Please see our postmortem from our network below in regards to the issues experienced on Thursday 16th May . Please note the below report is from our network directly.
Loss of connectivity impacting a proportion of Horizon handsets/clients, portal access and associated data access services due to an issue with a DNS Server within the network.
The initial issue was caused by a corrupt DNS server which then failed to resolve DNS queries resulting in traffic routing through the server dropping, Horizon registration attempts, Portal queries and DSL DNS queries.
When this was identified the interface to the DNS server was shut down and we monitored for an increase in successful registrations across all platforms. Due to the way that local access devices store DNS updates these are normally refreshed every 60 minutes which would have had a bearing on the overall recovery time.
The DNS servers form part of a group of distributed servers across the network and work in active load balanced configuration across the network, the hierarchy include DNS resolvers which contain cached data for Hostnames and authoritative servers which hold the actual up-to-date information for Hostnames.

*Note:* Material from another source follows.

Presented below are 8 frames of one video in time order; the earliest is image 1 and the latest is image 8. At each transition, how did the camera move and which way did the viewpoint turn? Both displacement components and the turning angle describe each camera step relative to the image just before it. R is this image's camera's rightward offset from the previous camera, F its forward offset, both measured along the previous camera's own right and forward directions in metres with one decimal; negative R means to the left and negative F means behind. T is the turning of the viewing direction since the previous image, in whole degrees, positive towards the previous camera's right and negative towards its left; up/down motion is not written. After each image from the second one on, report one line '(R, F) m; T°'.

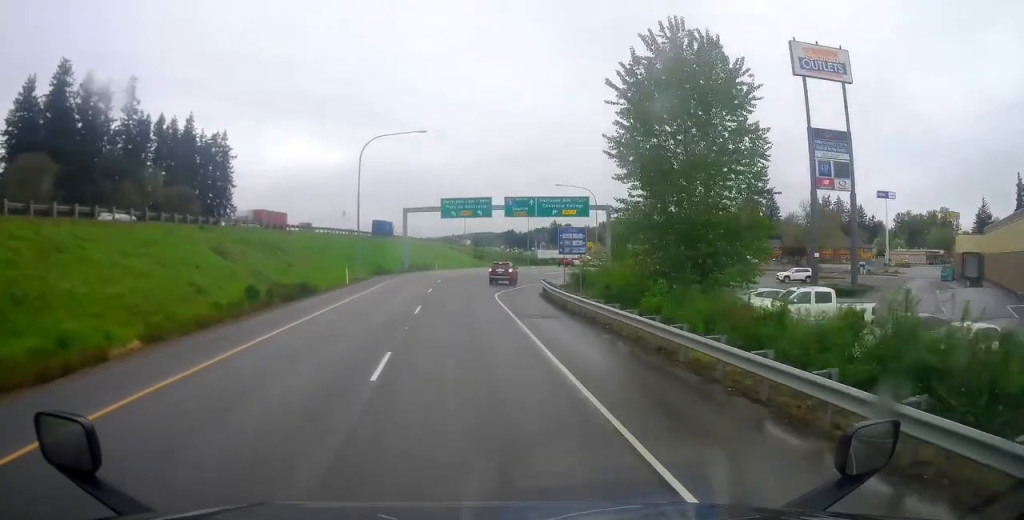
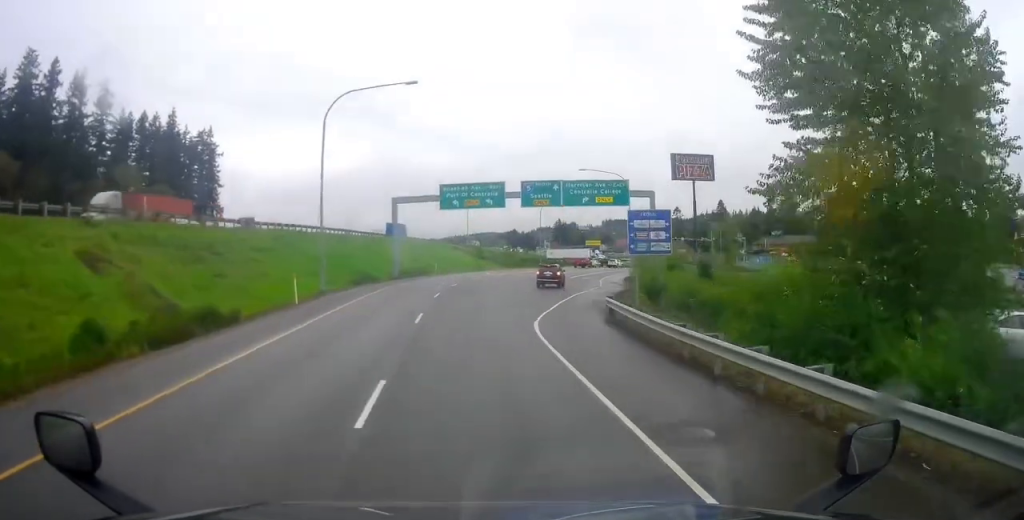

In this instance it was one of the eight authoritative servers which failed and thus failed to respond with the correct information resulting in end user/devices failing to connect to the correct destination address. Responses to requests are processed on the first response basis from one of the eight servers and hence impacting only a percentage of devices/end user requests until the corrupted server was removed from operation at 12:44pm.
In addition to the above we did we receive reports of some devices which were unable to register post-incident mainly soft clients and handsets. This was due to the volume of registration attempts being processed by the platform servers and this backlog cleared fully by 8pm. We are reviewing the server configuration to ensure we optimise the volume of registrations we process whilst ensuring the integrity of the platform.
In addition to the above actions, we are taking robust steps to review our change governance process relating to DNS related infrastructure.